By making the following adjustments we can try tuning the spam filter accuracy the following ways.

  • increasing the training set size (decreasing, however, the one of the test set) to train the algorithm more,
  • selecting alpha different than 1,
  • preserving punctuation (the word win and win!!! can appear in rather different contexts),
  • making the algorithm sensitive to letter case (for example, SECRET seems to be more spam-like than secret).
In [14]:
training_set_exp = sms_randomized[:4458].reset_index(drop=True)
test_set_exp = sms_randomized[4458:].reset_index(drop=True)
training_set_exp['SMS'] = training_set_exp['SMS'].str.replace('\W', ' ')

vocabulary_exp = []
for sms in training_set_exp['SMS']:
    for word in sms:
        vocabulary_exp.append(word)
vocabulary_exp = list(set(vocabulary_exp))

word_counts_per_sms_exp = {unique_word: [0] * len(training_set_exp['SMS']) for unique_word in vocabulary_exp}
for index, sms in enumerate(training_set_exp['SMS']):
    for word in sms:
        word_counts_per_sms_exp[word][index]+=1
        
word_counts_exp = pd.DataFrame(word_counts_per_sms_exp)

training_set_final_exp = pd.concat([training_set_exp, word_counts_exp], axis=1)
    
spam_sms_exp = training_set_final_exp[training_set_final_exp['Label']=='spam']
ham_sms_exp = training_set_final_exp[training_set_final_exp['Label']=='ham']

p_spam_exp = training_set_final_exp['Label'].value_counts()['spam']/len(training_set_final_exp)
p_ham_exp = training_set_final_exp['Label'].value_counts()['ham']/len(training_set_final_exp)

n_spam_exp = 0
n_ham_exp = 0
for i in range(len(training_set_final_exp)):
    row = list(training_set_final_exp.iloc[i].values)
    for j in range(2,len(row)):
        if row[0]=='spam':
            n_spam_exp+=row[j]
        else:
            n_ham_exp+=row[j]
            
n_vocabulary_exp = len(vocabulary_exp)
alpha = 1

p_wi_spam_exp = {}
p_wi_ham_exp = {}
for word in vocabulary_exp:
    p_wi_spam_exp[word] = (spam_sms_exp[word].sum()+alpha)/(n_spam_exp+alpha*n_vocabulary_exp)
    p_wi_ham_exp[word] = (ham_sms_exp[word].sum()+alpha)/(n_ham_exp+alpha*n_vocabulary_exp)
    
def classify_exp(message):

    message = re.sub('\W', ' ', message)
    message = message.lower()
    message = message.split()
    p_spam_given_message_exp = p_spam_exp
    p_ham_given_message_exp = p_ham_exp
    for word in message:
        if word in p_wi_spam_exp:
             p_spam_given_message_exp*=p_wi_spam_exp[word]
        if word in p_wi_ham_exp:
            p_ham_given_message_exp*=p_wi_ham_exp[word]

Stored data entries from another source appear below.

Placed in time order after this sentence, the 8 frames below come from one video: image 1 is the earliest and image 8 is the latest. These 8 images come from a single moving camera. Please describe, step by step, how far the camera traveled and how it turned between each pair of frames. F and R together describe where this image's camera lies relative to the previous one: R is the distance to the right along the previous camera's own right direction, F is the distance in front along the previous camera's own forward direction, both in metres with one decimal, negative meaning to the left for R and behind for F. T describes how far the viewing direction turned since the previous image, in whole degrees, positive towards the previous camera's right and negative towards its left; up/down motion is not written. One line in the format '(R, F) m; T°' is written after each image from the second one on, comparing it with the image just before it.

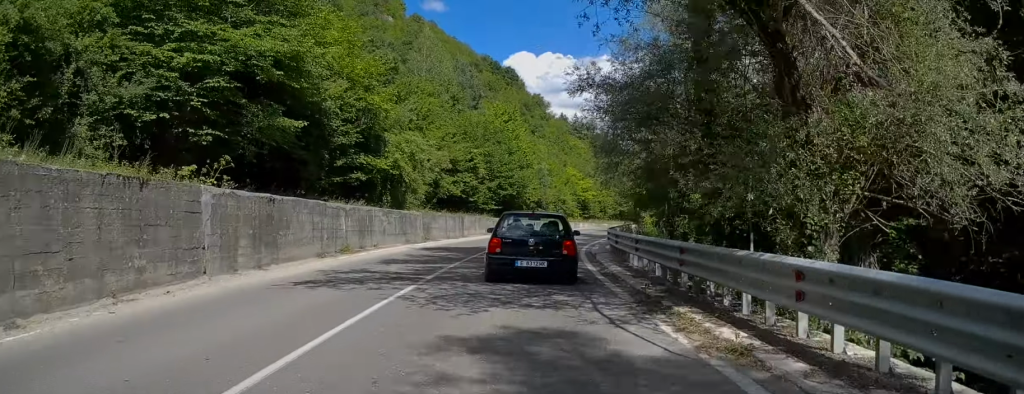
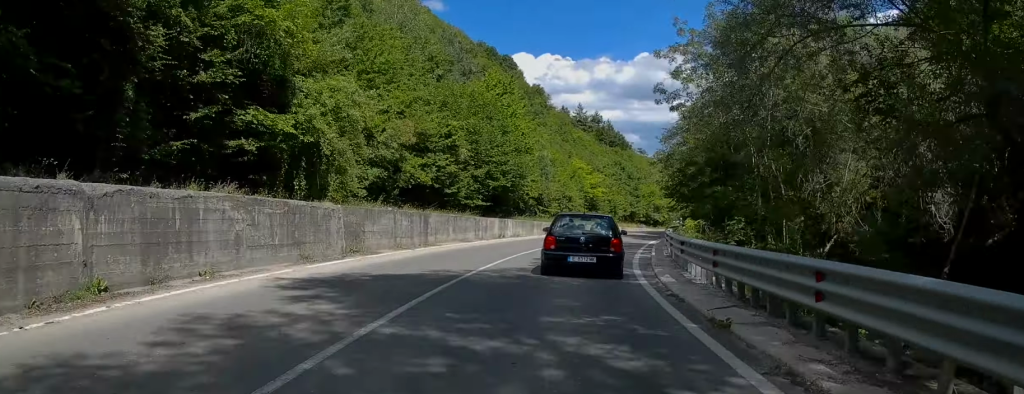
(0.0, +13.4) m; +2°
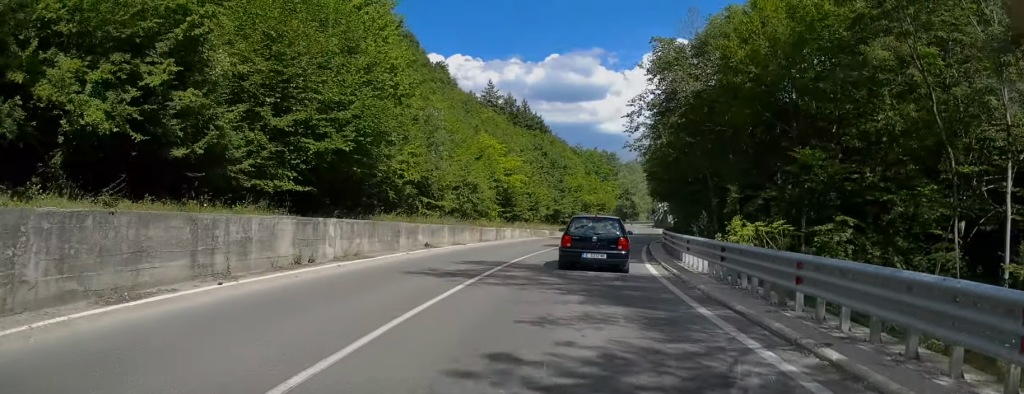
(+1.5, +20.5) m; +8°
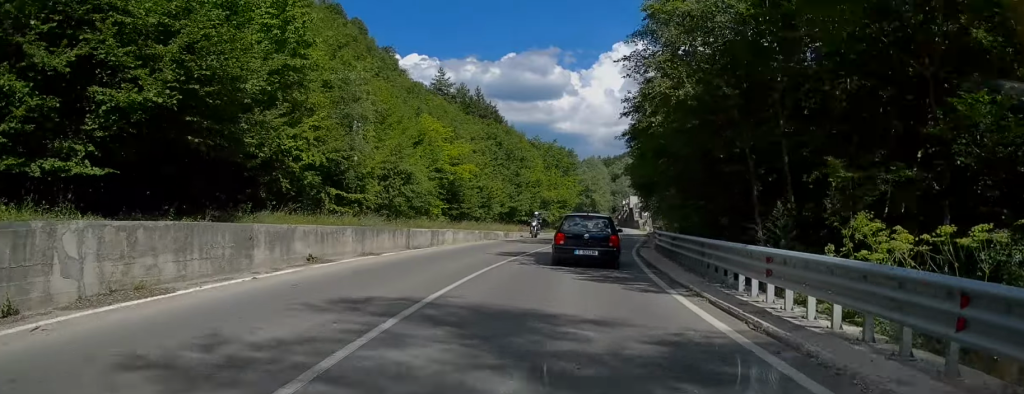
(+0.1, +8.4) m; +2°
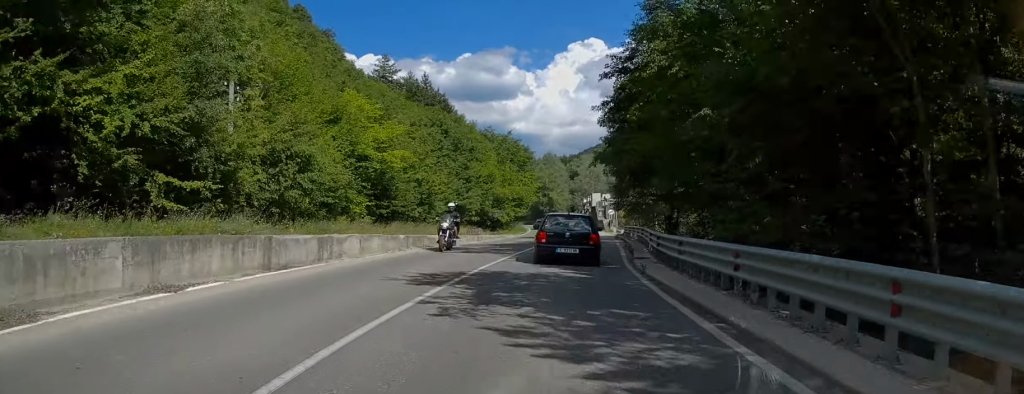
(+0.2, +8.6) m; +3°
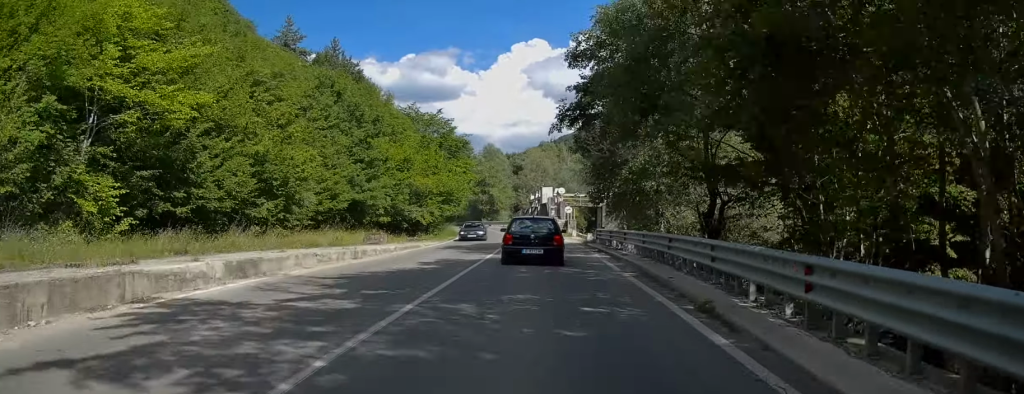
(+1.0, +16.6) m; +4°
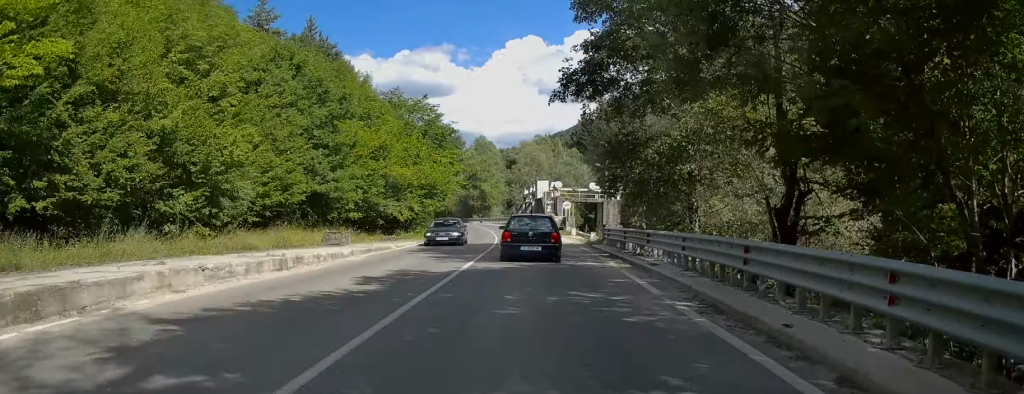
(+0.2, +6.1) m; +1°
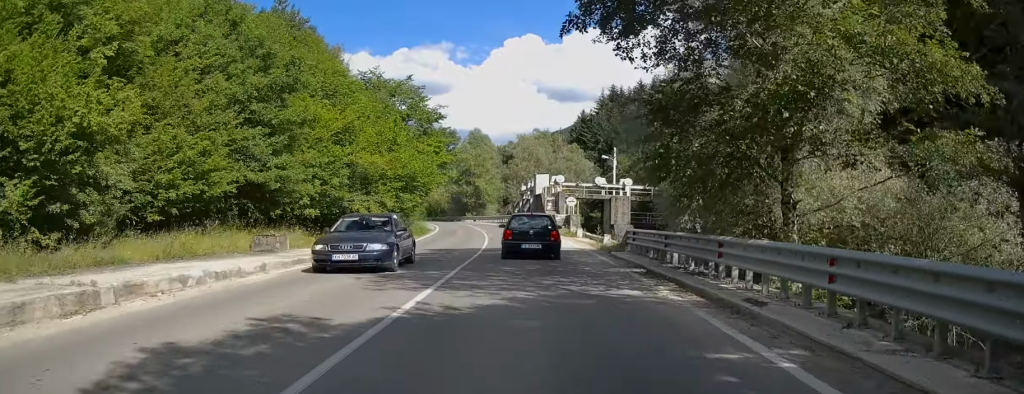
(-0.2, +7.4) m; 0°

    if p_ham_given_message_exp > p_spam_given_message_exp:
        return 'ham'
    elif p_ham_given_message_exp < p_spam_given_message_exp:
        return 'spam'
    else:
        return 'Equal proabilities, have a human classify this!'
    
test_set_exp['Predicted'] = test_set_exp['SMS'].apply(classify_exp)

correct_exp = 0
total_exp = len(test_set_exp)

for row in test_set_exp.iterrows():
    if row[1]['Predicted']==row[1]['Label']:
        correct_exp+=1
accuracy_exp = correct_exp/total_exp*100
print(f'The accuracy of the spam filter: {accuracy_exp:.2f}%')
The accuracy of the spam filter: 85.10%

Conclusions

Through this project, we have managed to achieve in creating a spam filter using multinomial naive bayes algorithm.

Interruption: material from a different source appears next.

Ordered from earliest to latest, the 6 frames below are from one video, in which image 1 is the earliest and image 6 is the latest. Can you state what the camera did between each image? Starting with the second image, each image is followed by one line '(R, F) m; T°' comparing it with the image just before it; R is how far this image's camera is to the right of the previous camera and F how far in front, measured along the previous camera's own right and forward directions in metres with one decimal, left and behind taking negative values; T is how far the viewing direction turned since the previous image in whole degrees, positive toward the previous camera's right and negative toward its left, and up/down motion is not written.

Apart from that we also have achieved learning:

  • How to assign probabilities based on certain conditions using conditional probability rules.
  • How to assign probabilities to events based on whether their relationship of statistical independence or not with other events.
  • How to assign probabilities to events using Bayes theorem.

Also, the effieiency achieved using Naive Bayes algorithm in this project is much better than the expected efficiency.